Leggendo di sostenibilità ambientale e sociale, il mantra ripetuto più frequentemente si riferisce alla necessità di soluzioni che permettano lo scaling – ossia la replicazione su scenari diversi e/o su volumi maggiori – dell’iniziativa in essere, passaggio necessario per generare un reale impatto nel lungo periodo. Questo vale anche nelle iniziative e nei modelli di Economia Circolare, paradigma economico basato sulla chiusura del ciclo dei materiali, all’interno dei flussi di materialità delle risorse. Come esemplificato da elaborazioni OECD 2017, il sistema economico globale è chiamato ad avvicinarsi a questo obiettivo seguendo un percorso per gradi che inizia, appunto, con la chiusura dei cicli di materiali input/output, prosegue con interventi di rallentamento dei cicli stessi – corrispondenti all’allungamento della durata media della vita dei prodotti – per finire con il ridimensionamento di tali cicli – frutto dell’ aumento della produttività delle materie, di un uso più intensivo dei materiali e di nuovi modelli, anche culturali, di consumo e produzione.
Dal punto di vista di policy, l’Agenda 2030 – vademecum di cosa potrebbe accadere nel mondo se fossimo tutti soggetti razionali – inserisce il tema della circolarità dei modelli produttivi e di consumo nei Sustainable Development Goals 9, 11, 12 e 13, predisponendo una serie di indicatori cui istituzioni, profit e non-profit devono riferirsi.

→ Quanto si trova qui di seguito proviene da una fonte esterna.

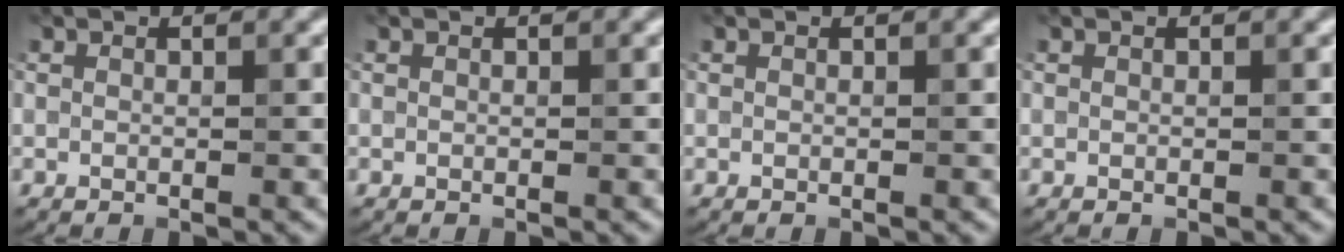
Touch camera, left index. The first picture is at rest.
{"total": 0.0}
{"total": 0.0}
{"total": 0.0}
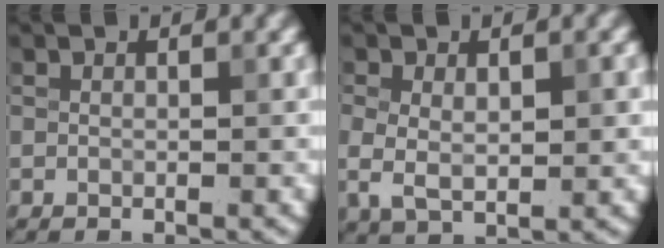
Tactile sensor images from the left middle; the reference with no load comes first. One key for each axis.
{"total": 4.5, "fx": 0.0, "fy": 2.5, "fz": 3.8, "tx": -0.075, "ty": -0.006, "tz": 0.001}
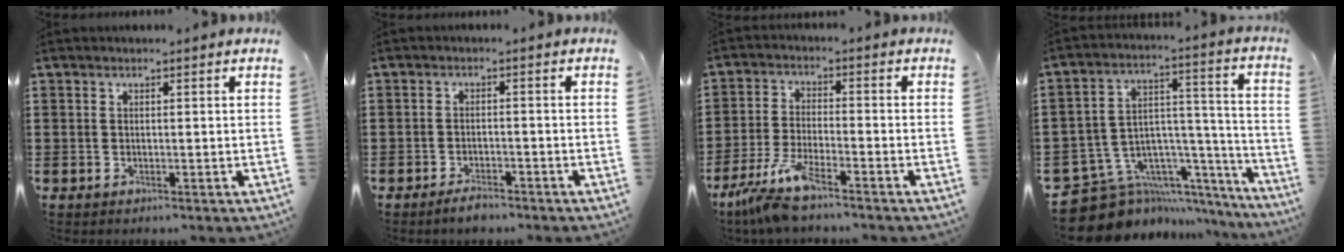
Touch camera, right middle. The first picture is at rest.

Nel contesto, quindi, di un percorso di policy ben tracciato e di una serie di misure già intraprese a livello internazionale, nazionale e locale, occorre approfondire ulteriormente la presenza di un driver imprescindibile: le risorse finanziarie a sostegno di tali modelli di crescita più virtuosi.
A questo proposito, è interessante la riflessione suggerita dal report “Finanza Sostenibile ed Economia Circolare” redatto da CONAI e Finanza Sostenibile per analizzare il ruolo degli Investimenti Sostenibili e Responsabili (SRI) vis à vis l’adozione di modelli di economia circolare da parte di imprese private italiane, con particolare riferimento alla filiera del riciclo.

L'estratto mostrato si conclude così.